--- Data shown ---

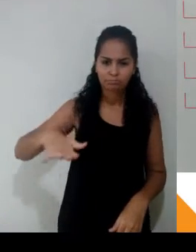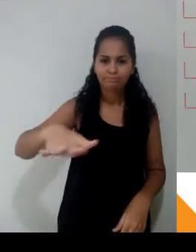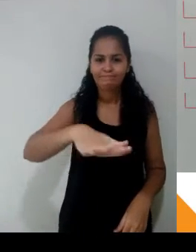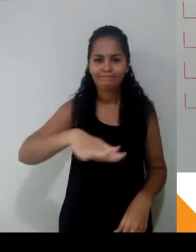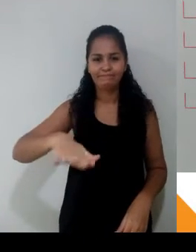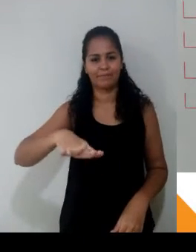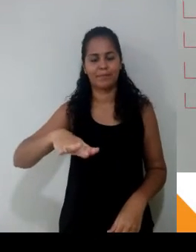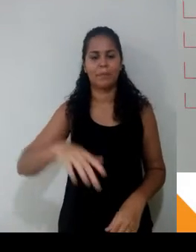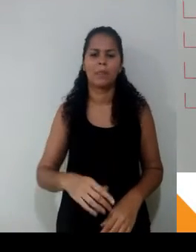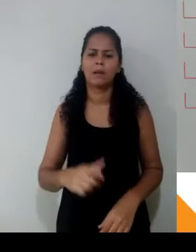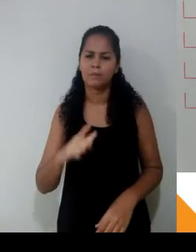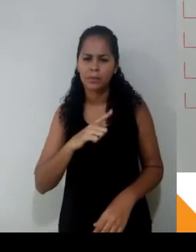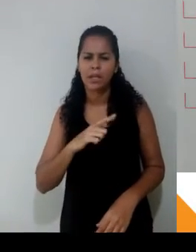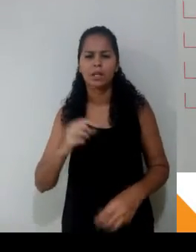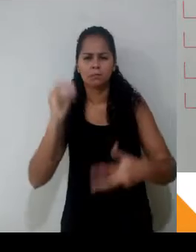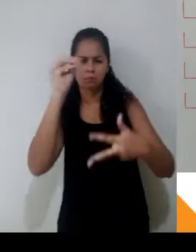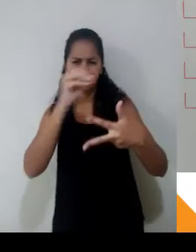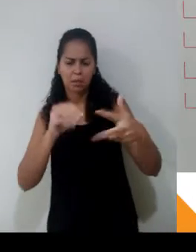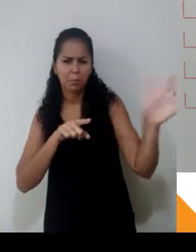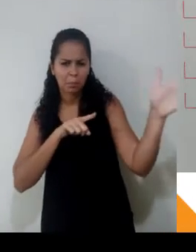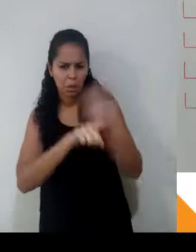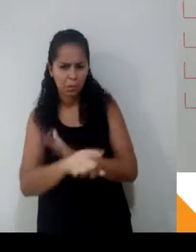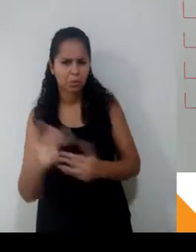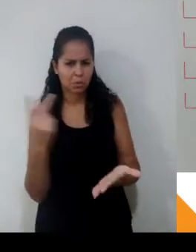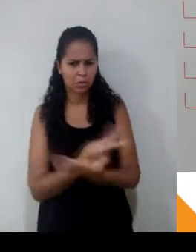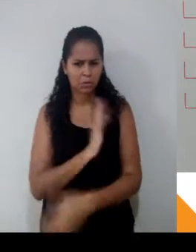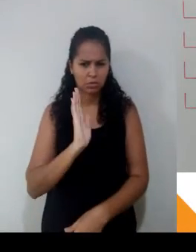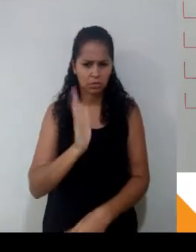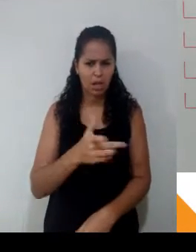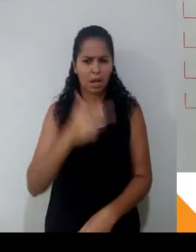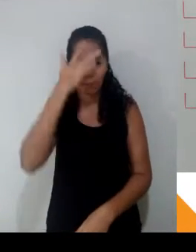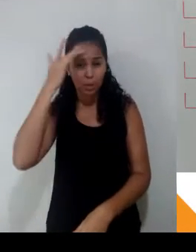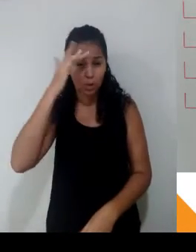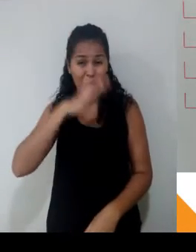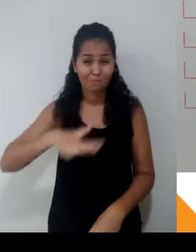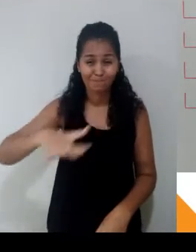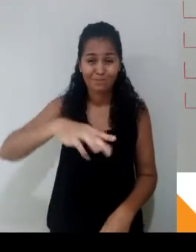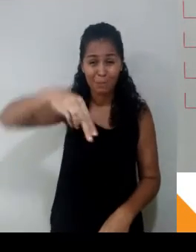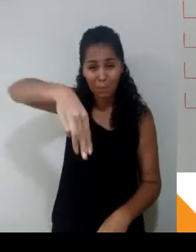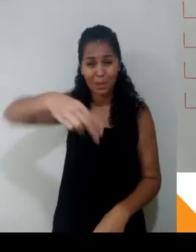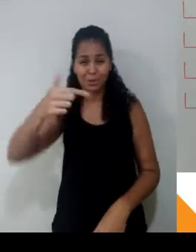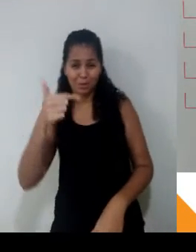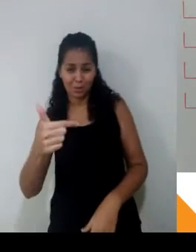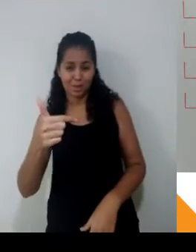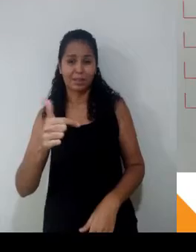caiu questões do Enem que ele falava sobre um show que tinha pessoas por metro quadrado. Então qualquer razão entre pessoas e área. E
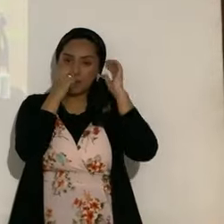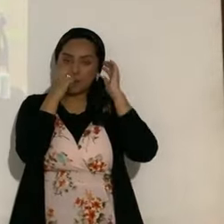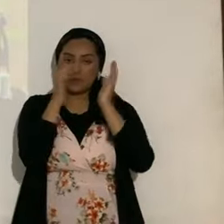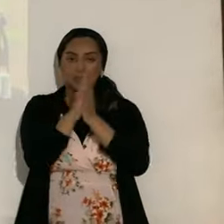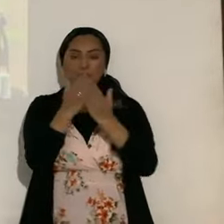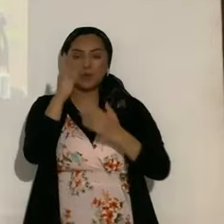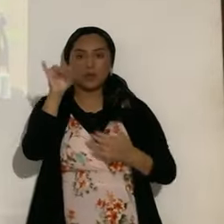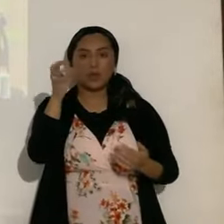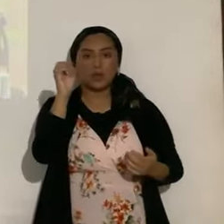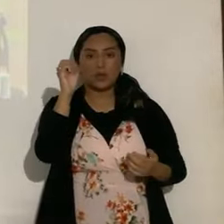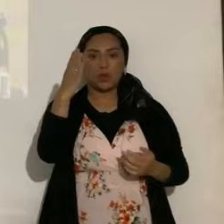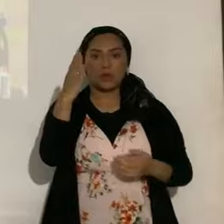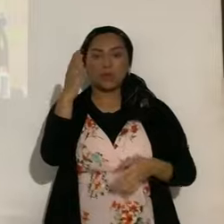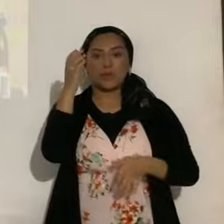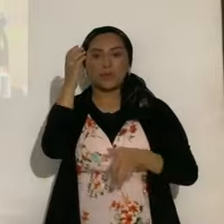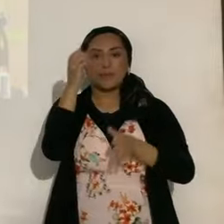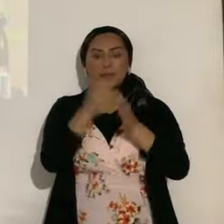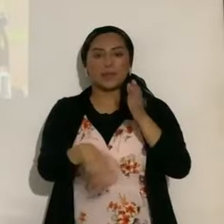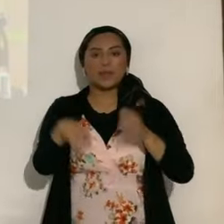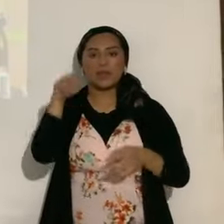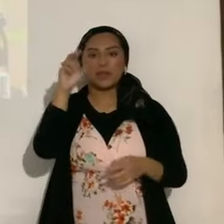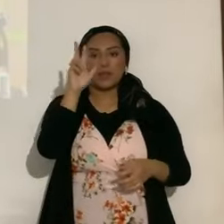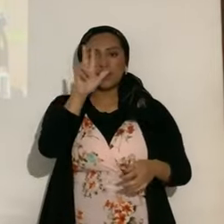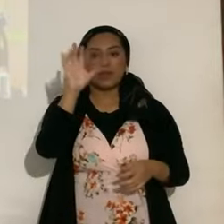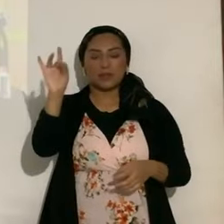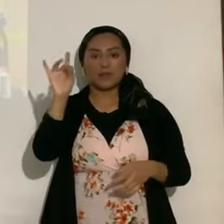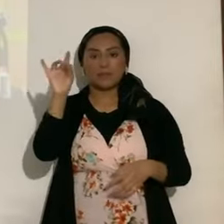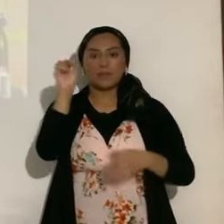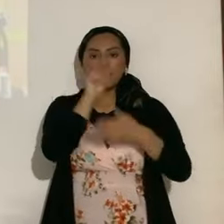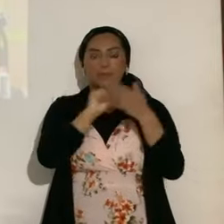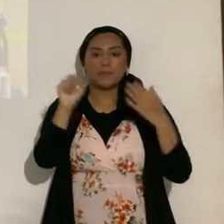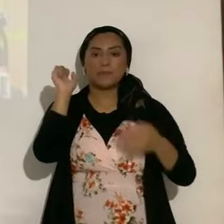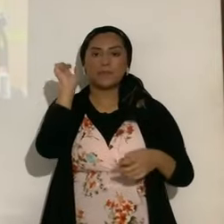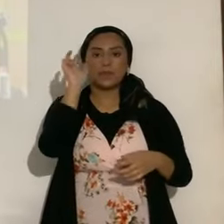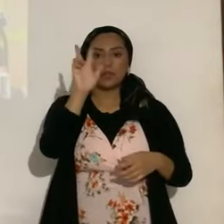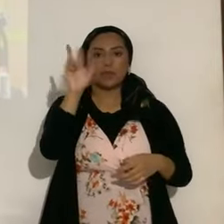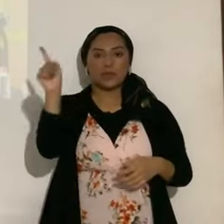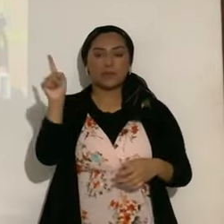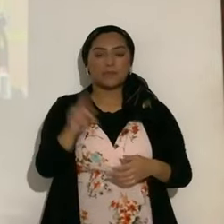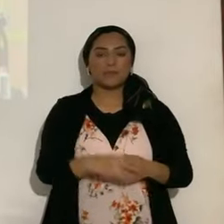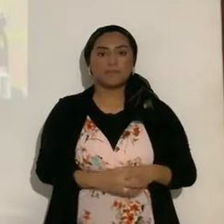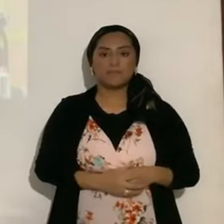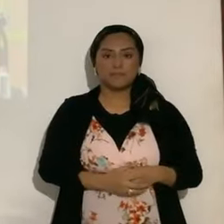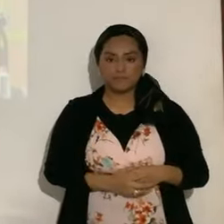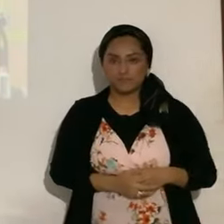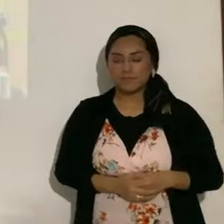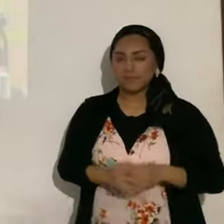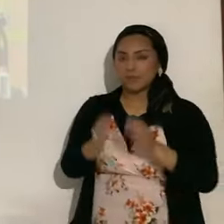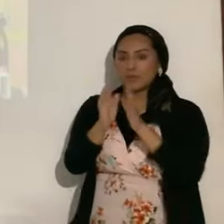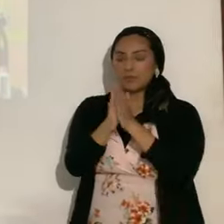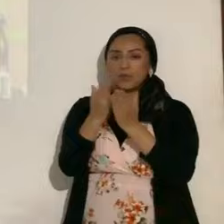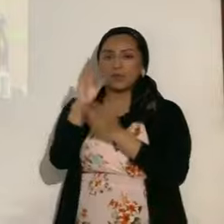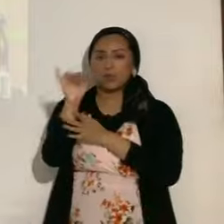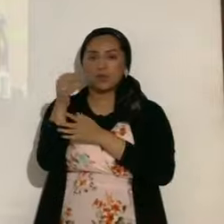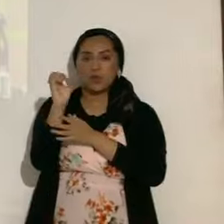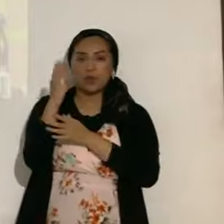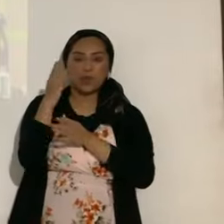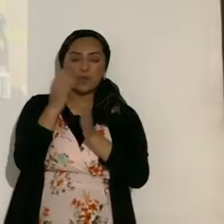en el capítulo 38, en el verso 31, sí, libro de Job, 38, verso
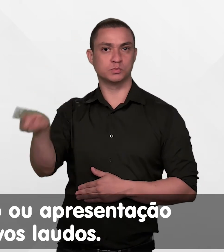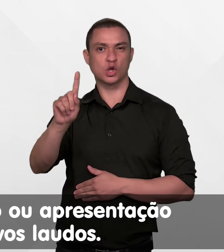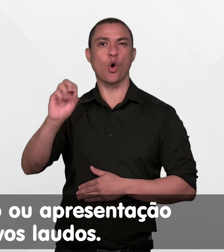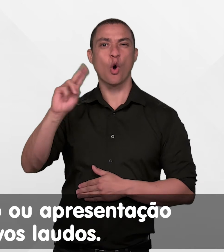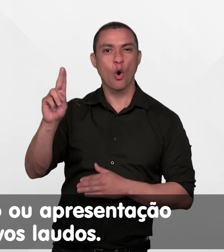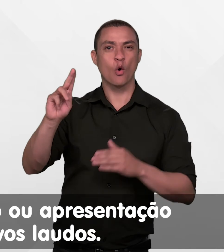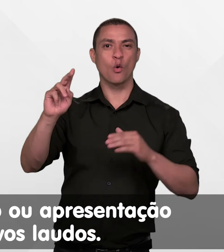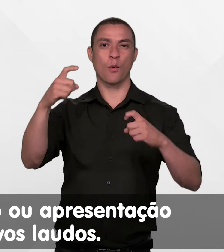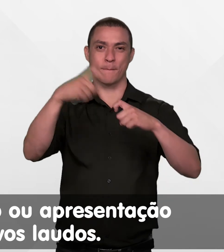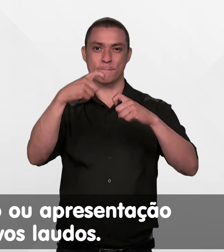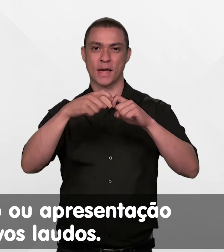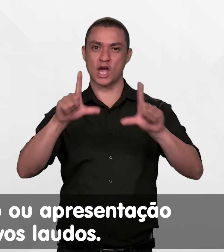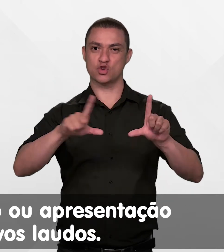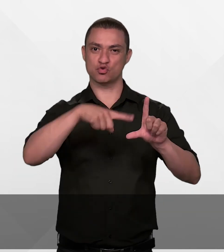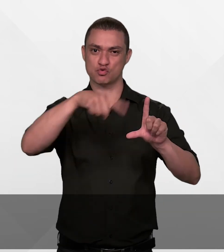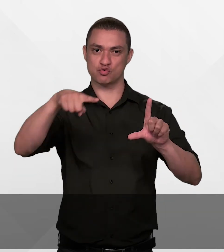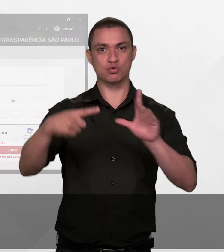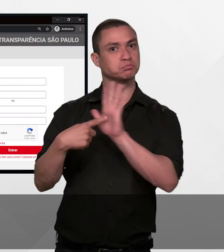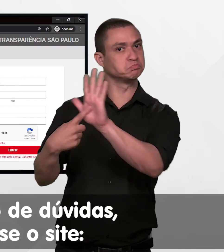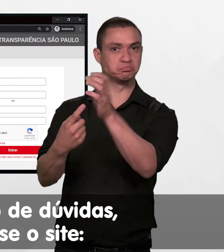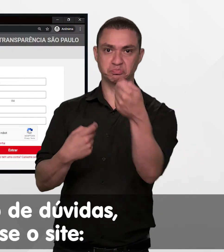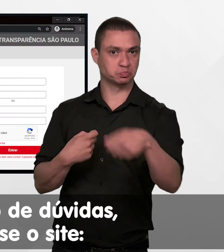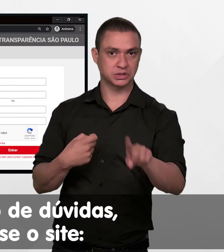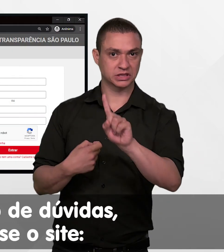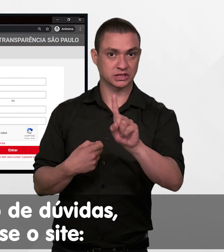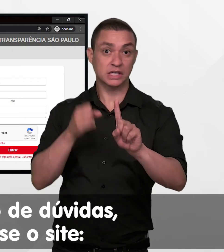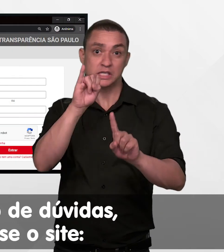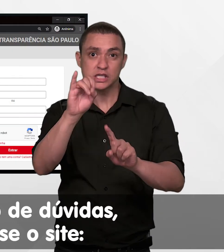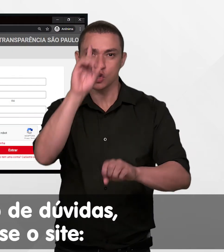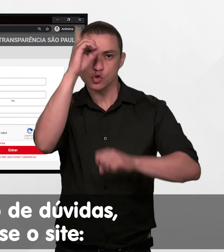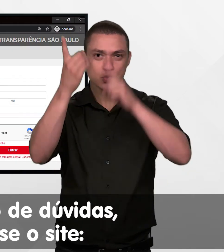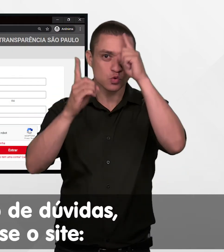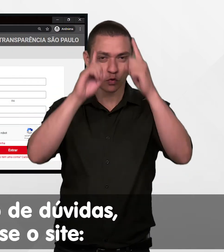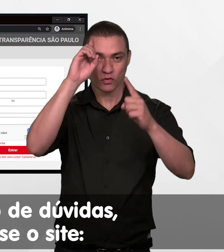apresentação de novos laudos. Em caso de dúvidas, acesse o site.

--- What the task requires ---
Write out the listing again word for word, but without its pictures.

--- Answer for the task ---
caiu questões do Enem que ele falava sobre um show que tinha pessoas por metro quadrado. Então qualquer razão entre pessoas e área. E
en el capítulo 38, en el verso 31, sí, libro de Job, 38, verso
apresentação de novos laudos. Em caso de dúvidas, acesse o site.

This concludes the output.